§ **TASK**:
Starting at the first line of the data and ending at the line with "فواد چوہدری نے", copy each line exactly. Include both of those lines, but no pictures.

════════════════════

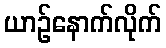
ယာဉ်နောက်လိုက်
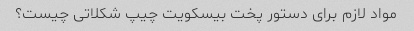
مواد لازم برای دستور پخت بیسکویت چیپ شکلاتی چیست؟
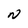
Character: N
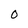
Character: O
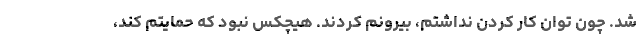
شد. چون توان کار کردن نداشتم، بیرونم کردند. هیچکس نبود که حمایتم کند،
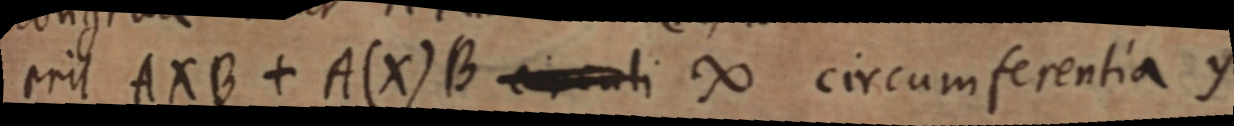
erit AXB + A(X)B circuli ∞ circumferentia y
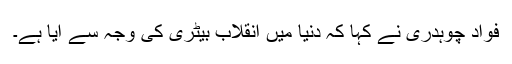
فواد چوہدری نے کہا کہ دنیا میں انقلاب بیٹری کی وجہ سے آیا ہے۔
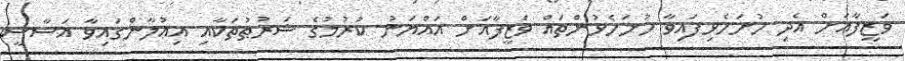
ވަޒީފާއަށް އެދި ހުށަހެޅިފައިވާ ހުށަހެޅުންތައް ވަޒީފާއަށް އައްޔަނު ކުރުމުގެ ޝަރުޠުތަކާއި އިޢުލާންގައިވާ އަސާސީ
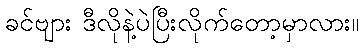
ခင်ဗျား ဒီလိုနဲ့ပဲပြီးလိုက်တော့မှာလား။
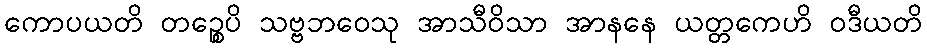
ကောပယတိ တဉ္စေပိ သဗ္ဗဘဝေသု အာသီဝိသာ အာနနေ ယတ္တကေဟိ ဝဒီယတိ
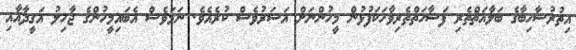
އިތުރުސާހިބާގެ ބަލާޣަތްތެރި ފަސާހަތްތެރިވާހަކަފުޅުން މީހުންނަށް އަސަރުވެސް ކުރެއެވެ. ނަމަވެސް އެބައިމީހުންގެ ޖާހިލު އަޤީދާއާއި
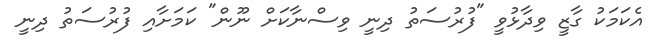
އެކަމަކު ގާޒީ ވިދާޅުވީ "ފުރުސަތު ދިނީ ވިސްނާކަށް ނޫން" ކަމަށާއި ފުރުސަތު ދިނީ
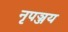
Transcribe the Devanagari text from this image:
नृपञ्जय
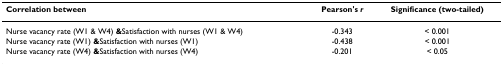
<table><thead><tr><td><b>Correlation between</b></td><td><b>Pearson&#x27;s <i>r</i></b></td><td><b>Significance (two-tailed)</b></td></tr></thead><tbody><tr><td>Nurse vacancy rate (W1 &amp; W4) <b>&amp;</b>Satisfaction with nurses (W1 &amp; W4)</td><td>-0.343</td><td>&lt; 0.001</td></tr><tr><td>Nurse vacancy rate (W1) <b>&amp;</b>Satisfaction with nurses (W1)</td><td>-0.438</td><td>&lt; 0.001</td></tr><tr><td>Nurse vacancy rate (W4) <b>&amp;</b>Satisfaction with nurses (W4)</td><td>-0.201</td><td>&lt; 0.05</td></tr></tbody></table>

════════════════════

§ **ANSWER BOX**:
ယာဉ်နောက်လိုက်
مواد لازم برای دستور پخت بیسکویت چیپ شکلاتی چیست؟
Character: N
Character: O
شد. چون توان کار کردن نداشتم، بیرونم کردند. هیچکس نبود که حمایتم کند،
erit AXB + A(X)B circuli ∞ circumferentia y
فواد چوہدری نے کہا کہ دنیا میں انقلاب بیٹری کی وجہ سے آیا ہے۔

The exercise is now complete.